The objective of the Federal Council is “stabilize and future-proof the proven bilateral track“. The Federal Council approved the sending of this package to the Parliamentor, proposing to subject it to an optional referendum to guarantee its democratic legitimacy on sensitive issues such as salary protection. Switzerland’s weight is undeniable: in 2023, bilateral trade in services reached €245 billion, representing almost 9% of the EU’s total services trade.

Forecasts in sight?

The geopolitical board will continue to move. If Iceland eventually joins the EU, the pressure on Norway will be immense. As conservative leader Søreide arguesNorway would be in a “completely different situation” if its EFTA partner makes the leap. For its part, Switzerland faces internal challenges, driving votes to limit its population to 10 million in 2027, which would clash with the free movement of Brussels.

Ultimately, the global storm has returned Europe to its most primal instincts of survival and cooperation. Iceland, Norway and Switzerland look at the map and understand that absolute isolation is a dangerous luxury. The big question is no longer whether they need Europe, but what price for their identity, their energy and their sovereignty they are willing to pay to protect themselves from chaos.

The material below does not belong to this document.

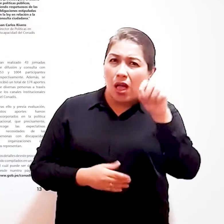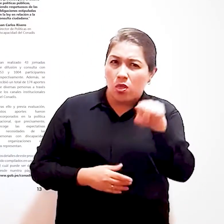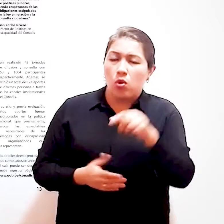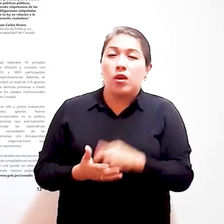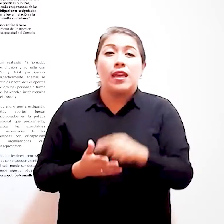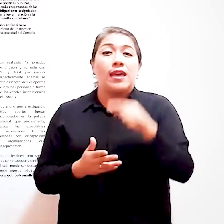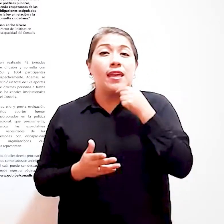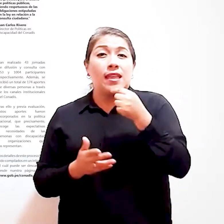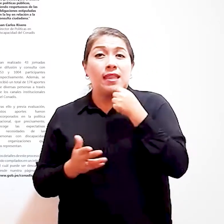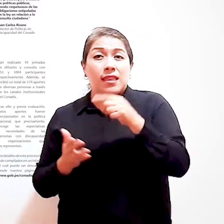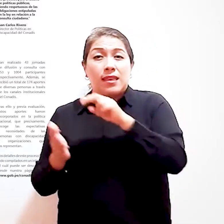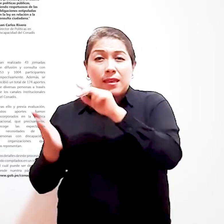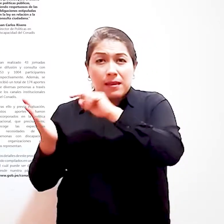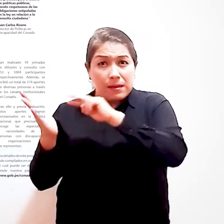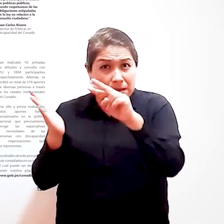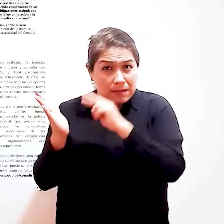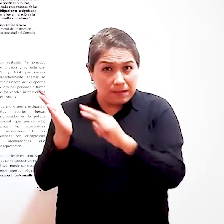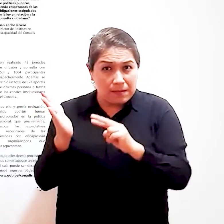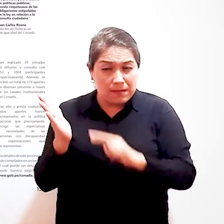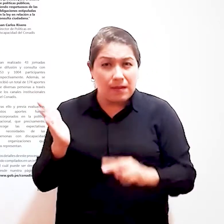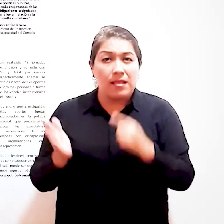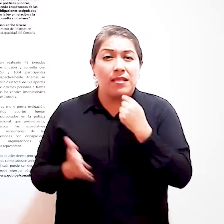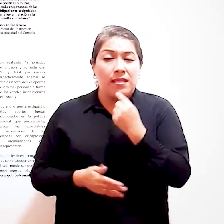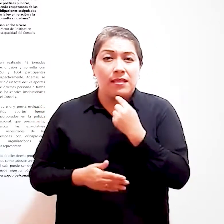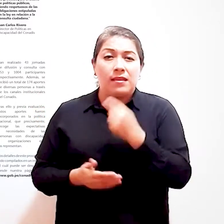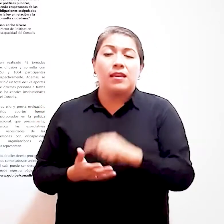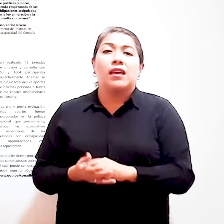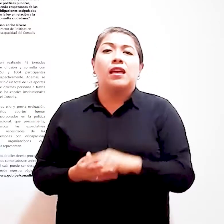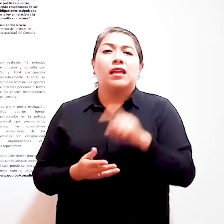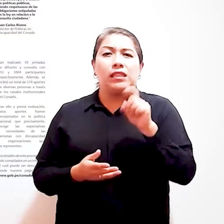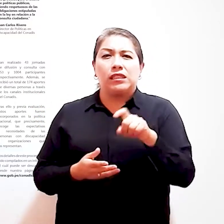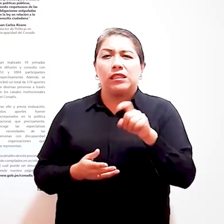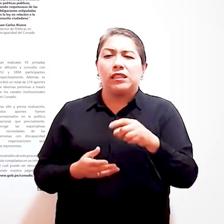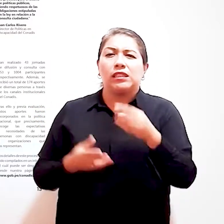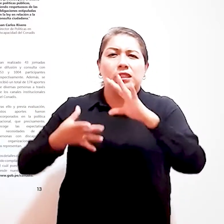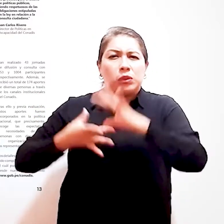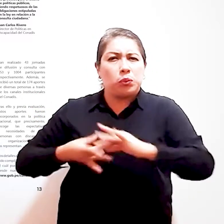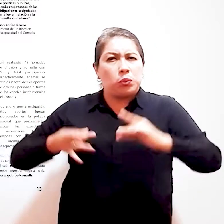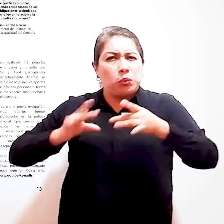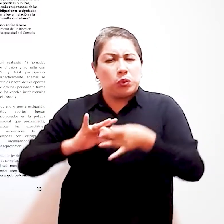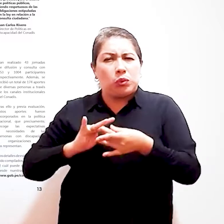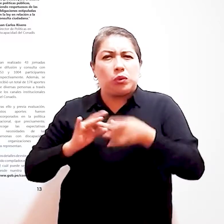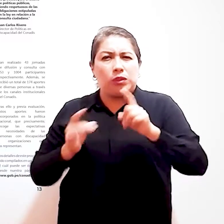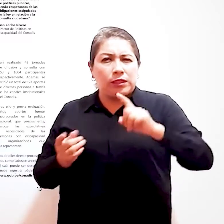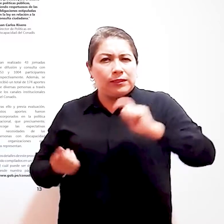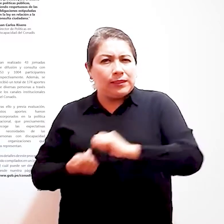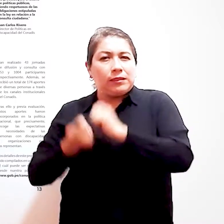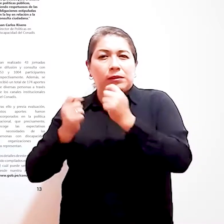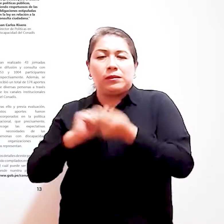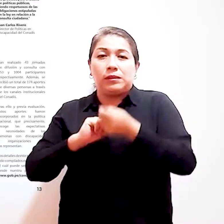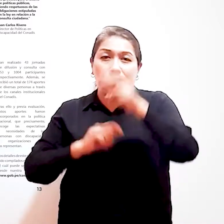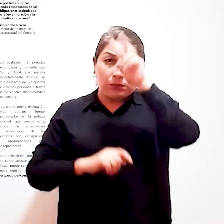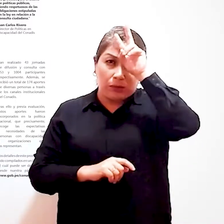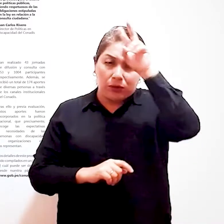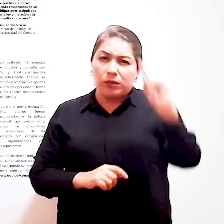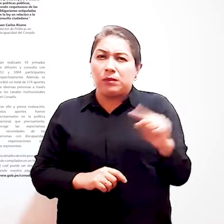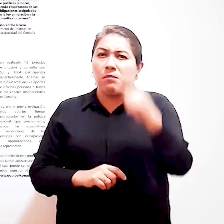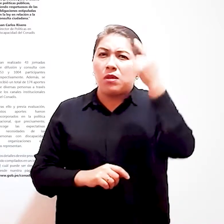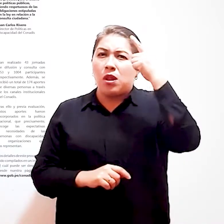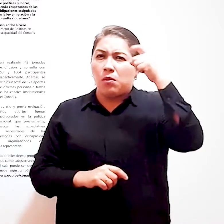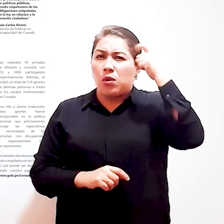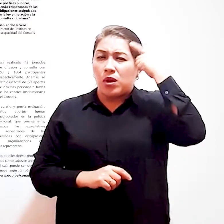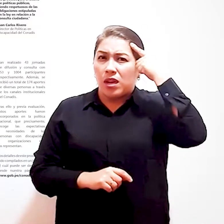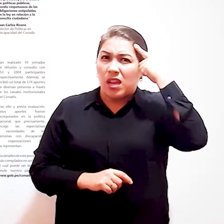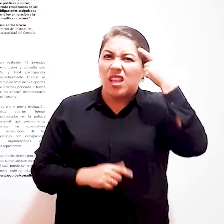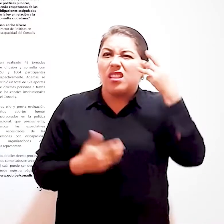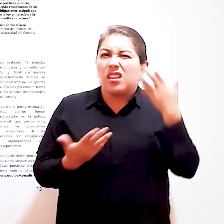007-2021-MIMP el cual marca un hito en la historia del Perú ya que es

To facilitate the integration of these countries, the idea of ​​a “two-speed Europe” is beginning to gain strength. As he explains Vermes, six of the largest economies in the EU (Germany, France, Italy, the Netherlands, Poland and Spain) have formed the “E6” group with the aim of promoting joint decisions and circumventing veto blocks from the rest of the states. This restructuring of the community system could allow countries like Iceland or Norway to integrate with fewer commitments in certain areas, although losing their voting capacity in areas where they do not participate.